占い師の確定申告と開業届 — 青色申告・経費・インボイスまで実務者が解説【2026年版】

この記事の要点: 占い師として個人で活動するなら、開業届の提出と確定申告は避けて通れません。開業届は税務署に無料で提出でき、青色申告の節税メリットを受けるために必要です。確定申告では、タロットカード・占星術ソフト・パワーストーンといった占い師特有の経費を正しく計上することで、納税額を適正に抑えられます。本記事では、青色申告で消費税も納めている現役占い師の筆者(五十六謀星もっちぃ)が、開業届の出し方から確定申告の流れ、副業占い師の注意点、インボイス制度への対応まで、実務経験に基づいて解説します。


目次

  1. なぜ占い師に確定申告の知識が必要なのか
  2. 開業届の出し方と青色申告承認申請
  3. 確定申告の基本 — 白色と青色の違い
  4. 占い師ならではの経費を正しく計上する
  5. 副業占い師の確定申告 — 20万円ルールと住民税
  6. 源泉徴収 — 占い師の報酬から天引きされるケース
  7. インボイス制度と占い師
  8. 確定申告の実務フロー — 私はこうやっている
  9. よくある質問(FAQ)

なぜ占い師に確定申告の知識が必要なのか

占い師として活動を始めると、どこかのタイミングで必ず「確定申告」の壁にぶつかります。
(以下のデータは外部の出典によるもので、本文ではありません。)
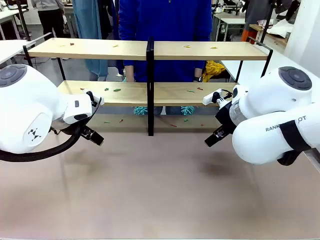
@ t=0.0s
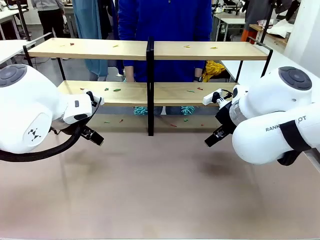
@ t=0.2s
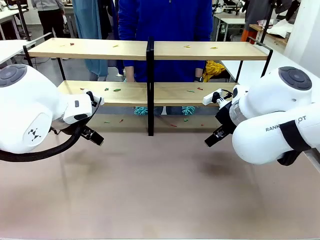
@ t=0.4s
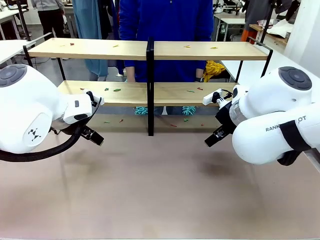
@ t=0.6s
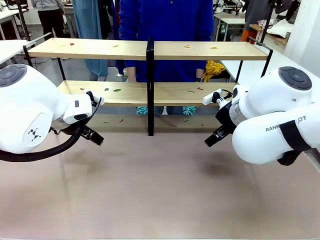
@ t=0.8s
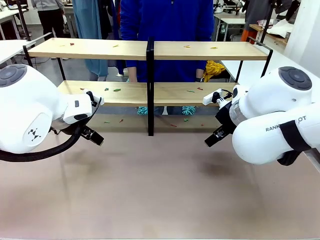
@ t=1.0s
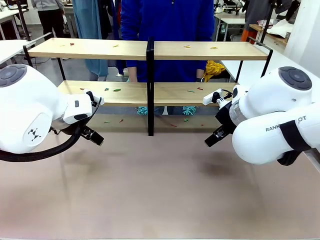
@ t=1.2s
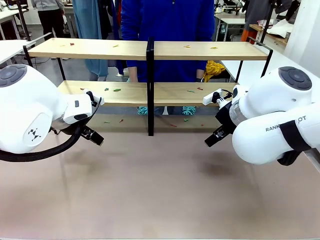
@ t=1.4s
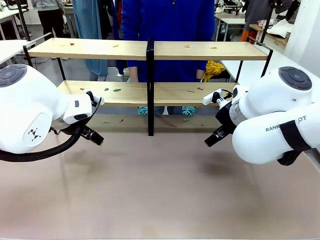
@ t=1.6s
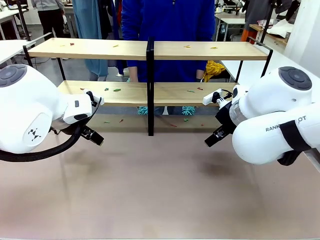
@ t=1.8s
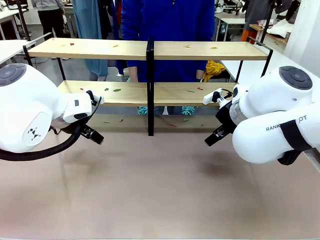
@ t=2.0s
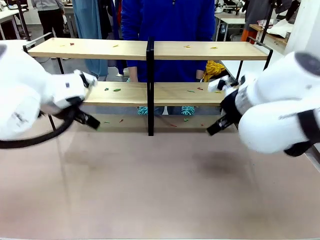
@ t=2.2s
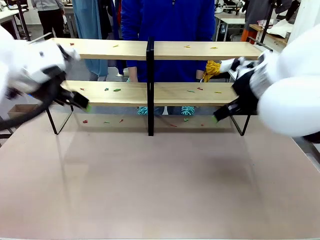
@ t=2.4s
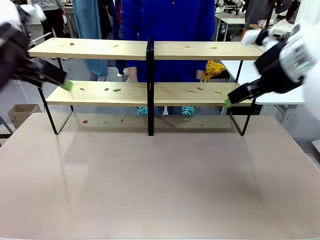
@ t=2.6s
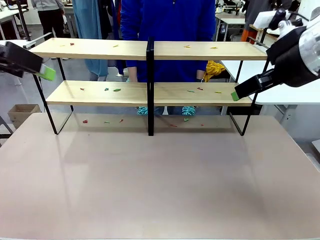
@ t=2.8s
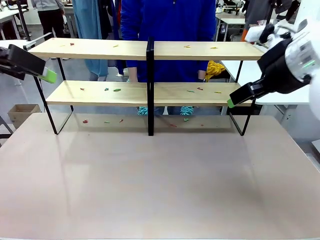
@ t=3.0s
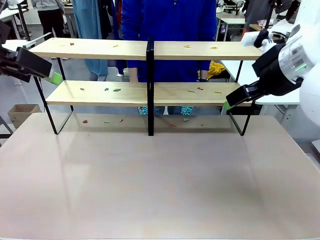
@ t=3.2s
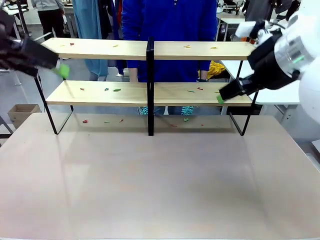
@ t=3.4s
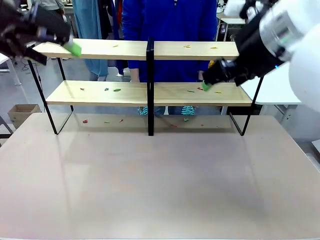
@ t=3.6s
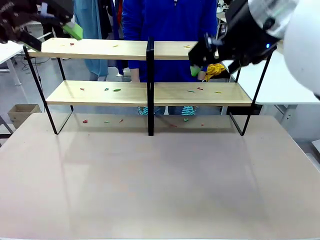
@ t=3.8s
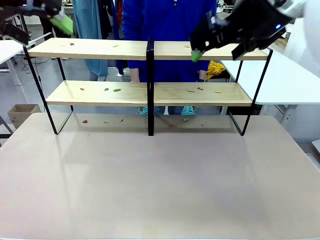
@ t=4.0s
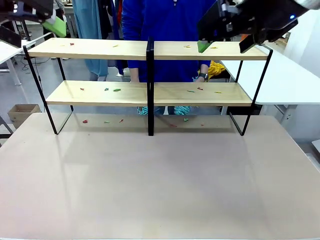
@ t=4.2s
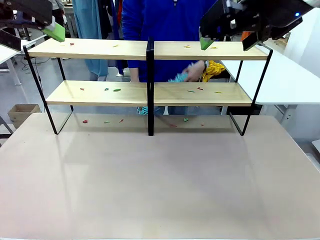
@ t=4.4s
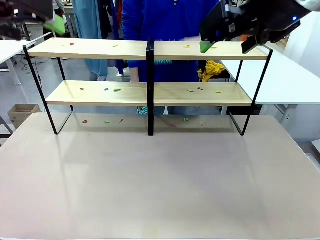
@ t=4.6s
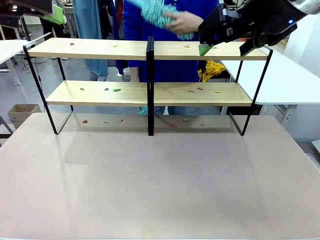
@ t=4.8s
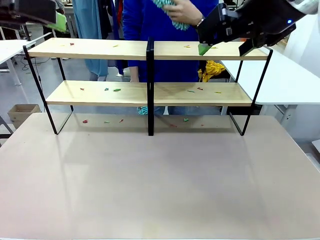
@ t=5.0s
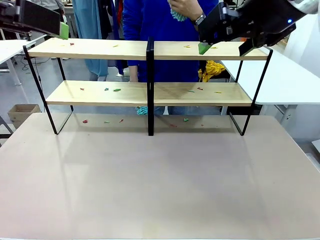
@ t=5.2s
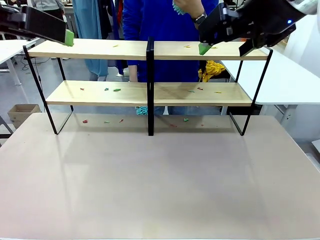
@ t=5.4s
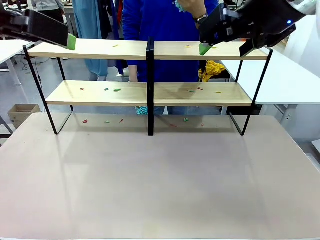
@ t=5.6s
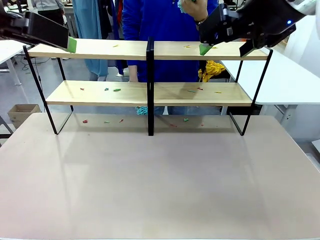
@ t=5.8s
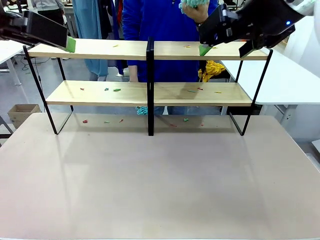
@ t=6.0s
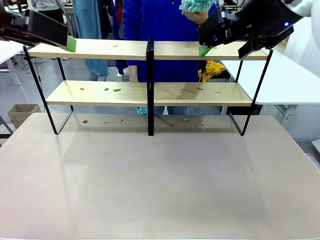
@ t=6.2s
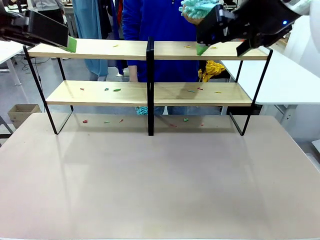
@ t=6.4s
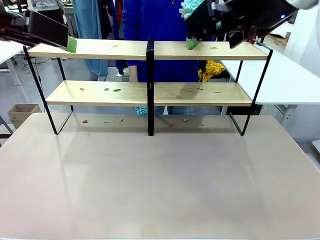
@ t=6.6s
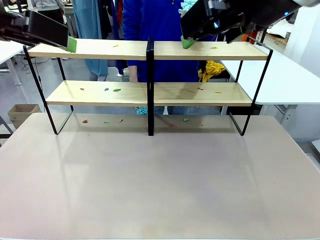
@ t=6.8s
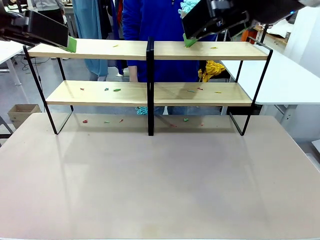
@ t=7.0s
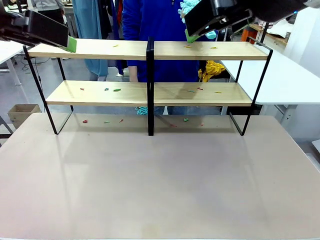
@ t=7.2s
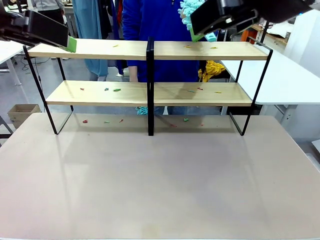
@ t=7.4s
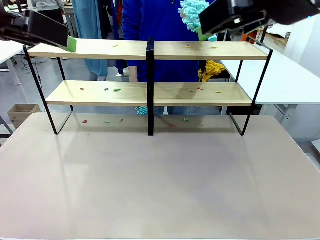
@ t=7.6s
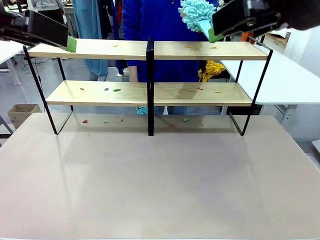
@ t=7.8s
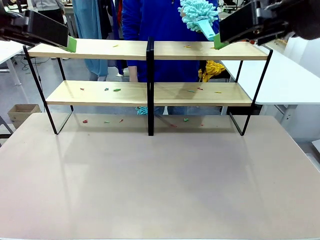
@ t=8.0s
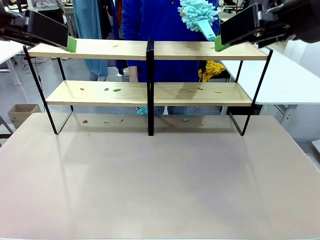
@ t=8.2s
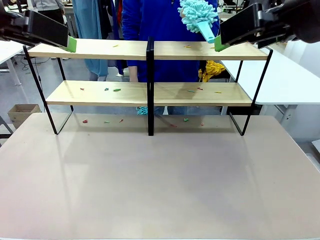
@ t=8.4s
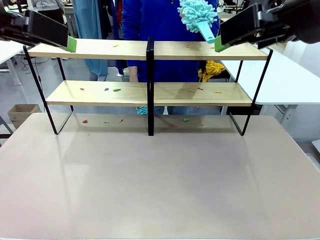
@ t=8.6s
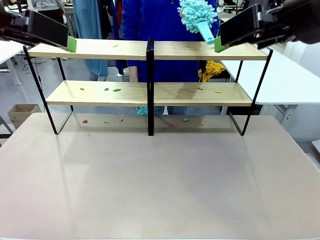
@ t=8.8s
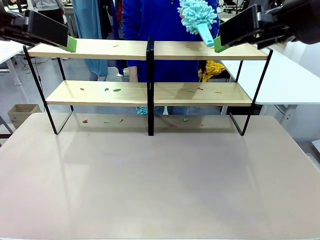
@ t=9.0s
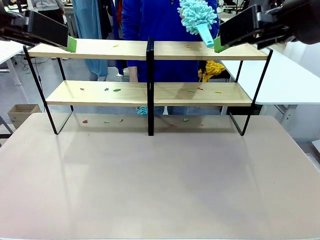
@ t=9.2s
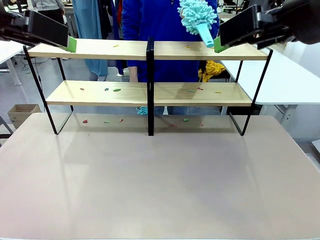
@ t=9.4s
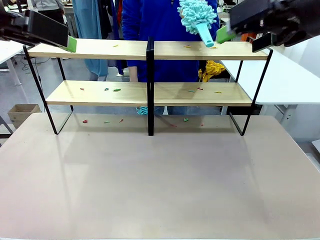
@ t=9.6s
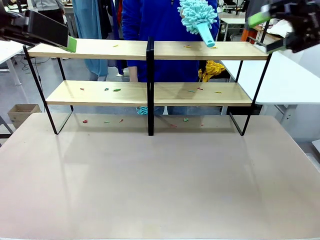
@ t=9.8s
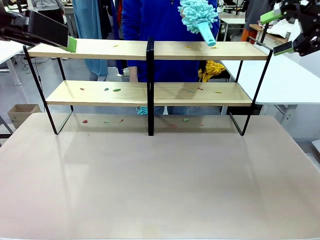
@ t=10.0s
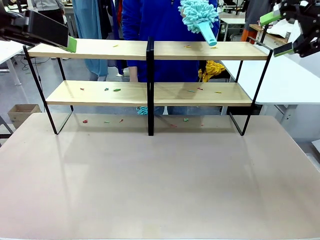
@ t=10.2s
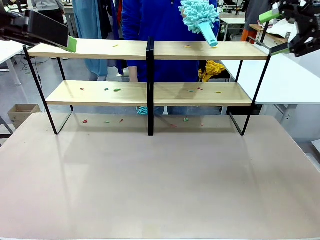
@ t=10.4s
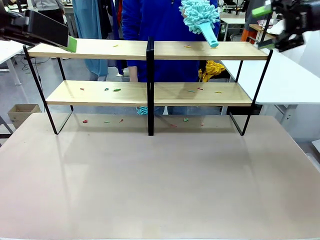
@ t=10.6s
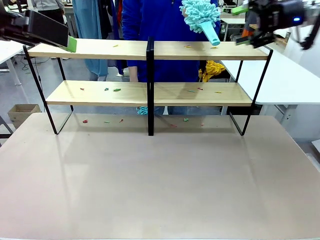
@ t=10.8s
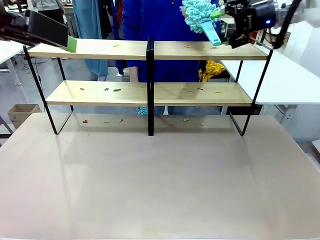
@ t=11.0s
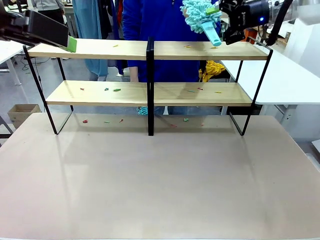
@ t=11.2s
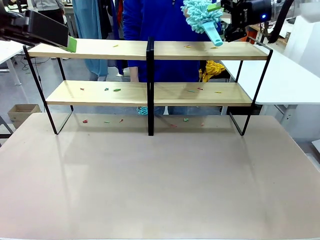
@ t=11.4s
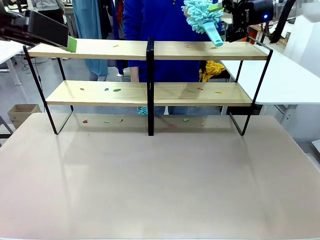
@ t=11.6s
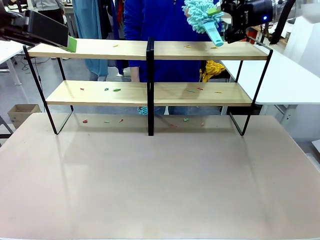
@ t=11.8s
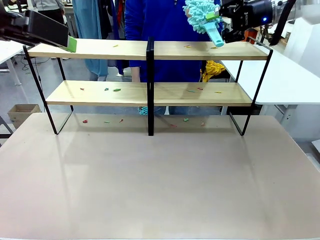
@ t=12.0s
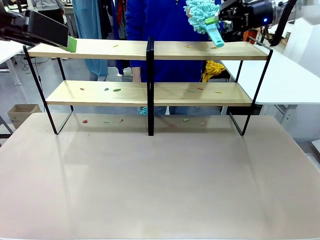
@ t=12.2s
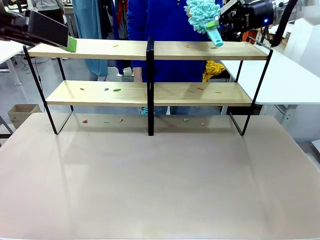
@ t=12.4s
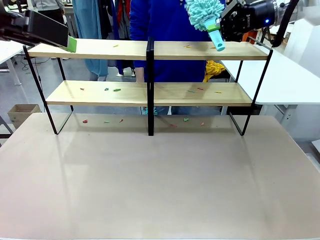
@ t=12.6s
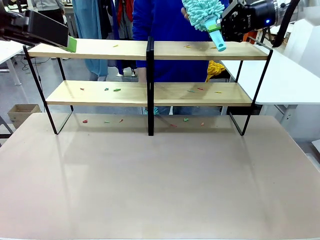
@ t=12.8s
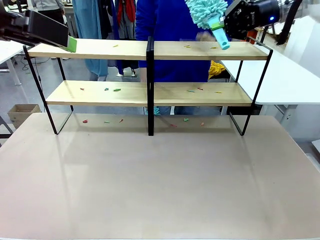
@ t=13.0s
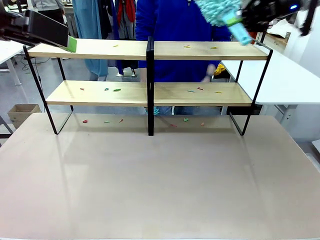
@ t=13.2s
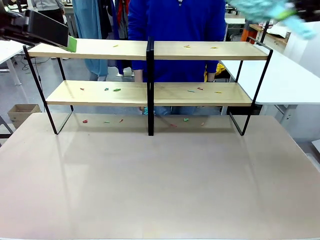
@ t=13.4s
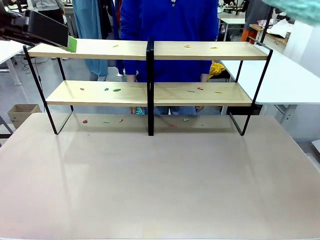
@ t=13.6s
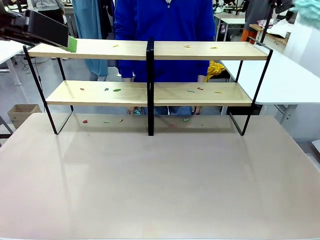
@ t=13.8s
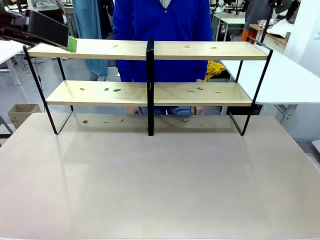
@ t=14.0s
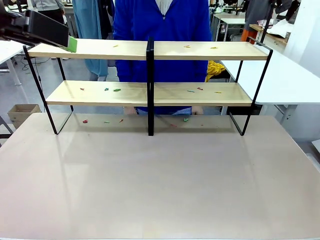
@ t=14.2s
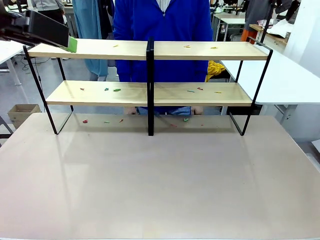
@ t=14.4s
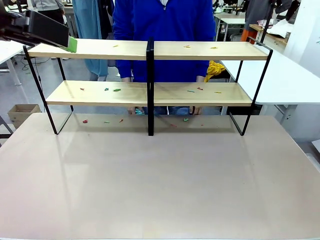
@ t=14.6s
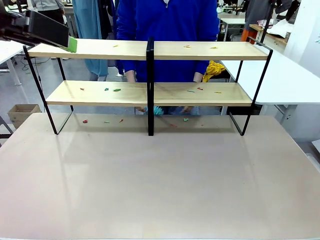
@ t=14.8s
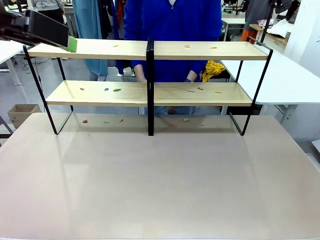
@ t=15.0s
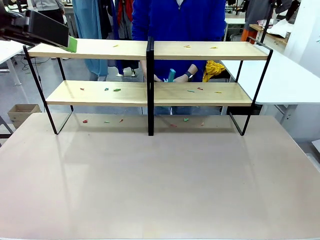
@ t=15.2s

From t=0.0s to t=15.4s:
Task: Clean the shelves.
Robot: Pick up the Duster when the human hands it over.
Person: Hand the Duster to the robot with your right (or left) hand.

所属している占い会社が源泉徴収をしてくれている場合もありますが、それだけで税務処理が完了するわけではありません。個人で活動している以上、自分の収入を自分で申告するのが原則です。

私自身、占い師として独立してから毎年確定申告をしています。青色申告で申告しており、消費税の納税もしています。最初は何もわからない状態からのスタートでしたが、一度仕組みを理解してしまえば、毎年の作業はそれほど大変ではありません。

この記事では、占い師が押さえておくべき税務知識を、実務の観点からまとめました。制度の細かい条文を解説するのではなく、「実際にどう動けばいいのか」に焦点を当てています。

ただし、税務に関する内容は法改正や個人の状況によって変わる場合があります。具体的な判断に迷ったら、必ず税理士に相談してください。この記事はあくまで「占い師が最低限知っておくべき全体像」を伝えることを目的としています。


開業届の出し方と青色申告承認申請

占い師として個人で開業する場合、最初にやるべき手続きは2つあります。

開業届(個人事業の開業届出書)

開業届は、税務署に「個人事業を始めました」と届け出る書類です。

正式名称は「個人事業の開業・廃業等届出書」といい、事業を開始した日から1ヶ月以内に、納税地(通常は住所地)を管轄する税務署に提出します(所得税法第229条)。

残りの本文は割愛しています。